The Ultimate Guide to Grinding with Spindles: Techniques & Tips
Spindles are at the heart of the modern CNC machine shop operation. They transfer power from the motor to the cutting tool, controlling the cutting direction, speed, and feed. They also deliver lubricant throughout the spindle and cooling fluids to the cutting surface. Today’s spindles can deliver high-speed grinding at more than 250,000 RPM, providing precision and accuracy that were not possible just a few decades ago.
Parts of the Spindle
Every spindle is different, but these are the basic parts:
- Spindle Shaft: The shaft runs the length of the spindle, delivering power from the spindle motor to the cutting tool.
- Spindle Motor: This is often an electric motor that delivers the rotational power that spins the shaft and, ultimately, the tool.
- Bearings: Bearings, consisting of high-grade ball bearings within a set of races, allow the spindle to spin freely in its housing.
- Tool Holder: The tool holder grips the tool, holding it in a precise position for the spindle grinding process.
- Spindle Housing: This is the overall housing of the spindle, encasing the shaft and other system elements. Many spindles include a cooling system, allowing the operator to control the temperature (grinding with spindles often creates high temperatures) and lubrication channels to deliver oil to critical points in the spindle.

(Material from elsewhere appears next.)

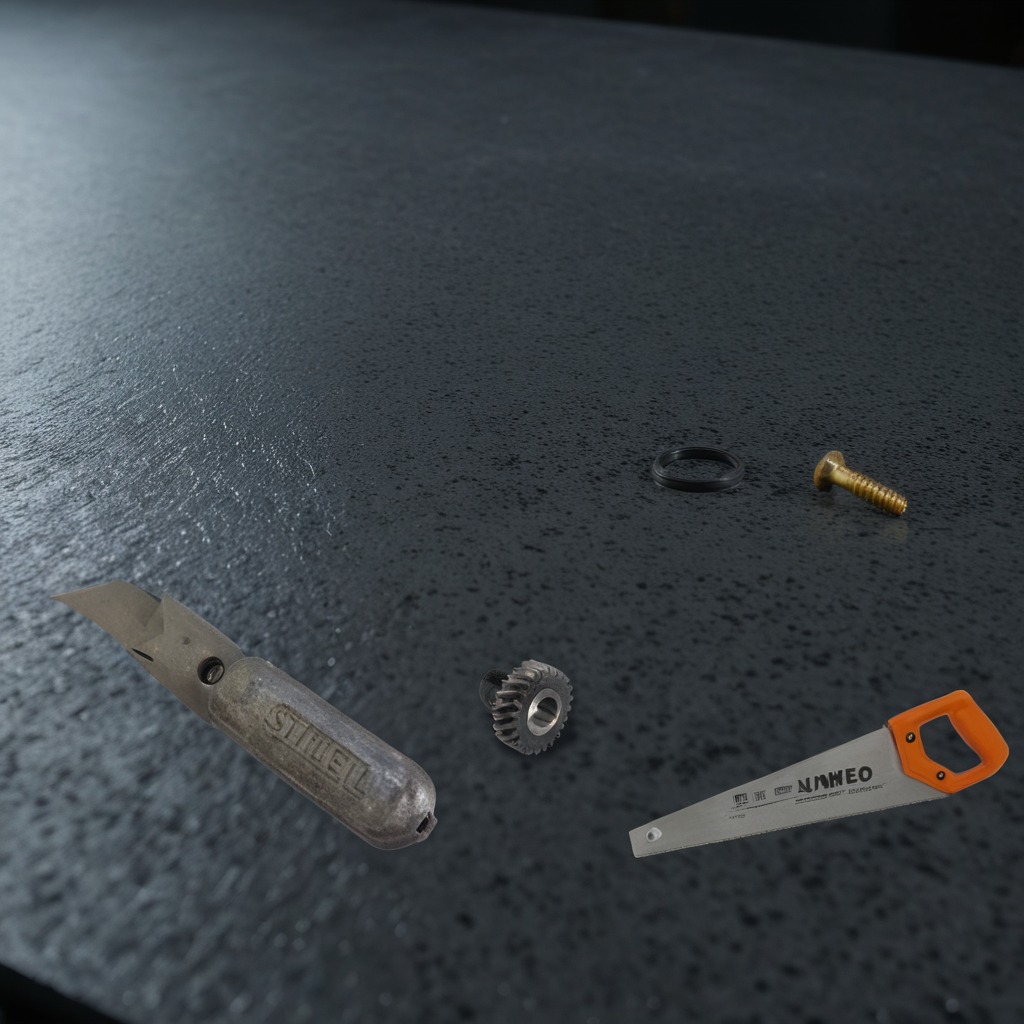
A rubber o-ring, a steel gear with teeth, a utility knife, a metal machine screw, and a handheld metal saw are lying on a clean granite table inside a workshop at night.

- Automatic Tool Changers: Not every spindle uses automatic tool changers. Many spindles require tools to be changed by hand. However, many spindles allow for this automation. It’s faster and more likely to be error-free.
Let’s Talk About Grinding with Spindles
All spindles grind. They remove material from a rough block of substance, referred to as the workpiece, to achieve a desired form, often with specific detail. That workpiece could be wood, high-grade plastic, or different types of metal. In this article, our conversation refers to various types of metal workpieces.

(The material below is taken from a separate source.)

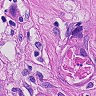
Metastatic tissue present: yes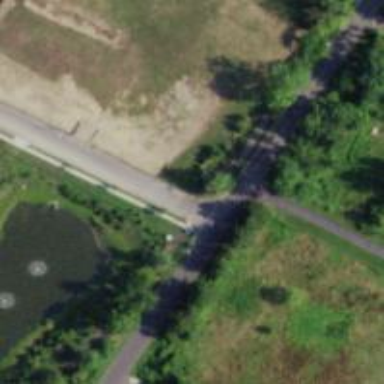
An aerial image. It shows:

Spindles enable the high-speed grinding process by delivering a spinning tool to the workpiece, often at high speeds and at precise angles. This is known as subtractive manufacturing because it subtracts or removes material, as opposed to additive manufacturing, which adds material (such as 3D printing).
Types of Spindles
- Belt-Driven Spindles: These spindles use a belt to transfer power from the motor to the spindle. They provide speed but not necessarily a high degree of torque. For some jobs, they are an affordable solution.
- Direct-Drive Spindles: These spindles connect to the motor via a gearbox. There is a more solid connection to the drive source. You get high speeds, more torque, and more precision.

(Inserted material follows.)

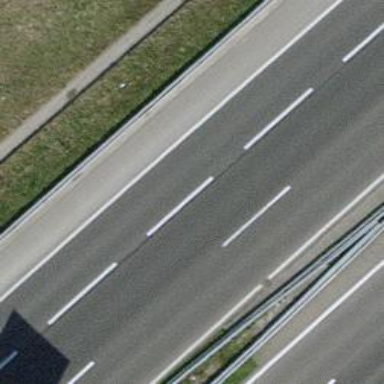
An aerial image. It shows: Asphalt motorway.

- Spindles with Internal Motors: Some spindles come with an internal motor, And this might be the perfect solution for a particular application.
- Water-Cooled and Air-Cooled: spindles. Many spindles come with an internal cooling system. Water-cooled systems require a separate chiller to cool the water after it removes heat from the spindle. Air-cooled spindles need adequate circulation, which could be problematic if space is at a premium in your factory.
Types of Spindle Grinding
There are different types of spindle grinding. Some examples include:
- ID Grinding: ID grinding is the process of grinding an inner diameter of a part. When ID grinding is done it can not be done between centers so typically the part is held in a 4-jaw chuck and is spun at a specific RPM while a high-speed spindle with a grinding wheel attached removes stock. Grinding longer parts, such as a pilot in a shaft, requires a steady rest to bear the overhanging weight and decrease the overall deflection of the part. Another popular method of holding a part for ID grinding is using a magnetic chuck, this setup works best for stubbier parts, for example bearing housings or front caps.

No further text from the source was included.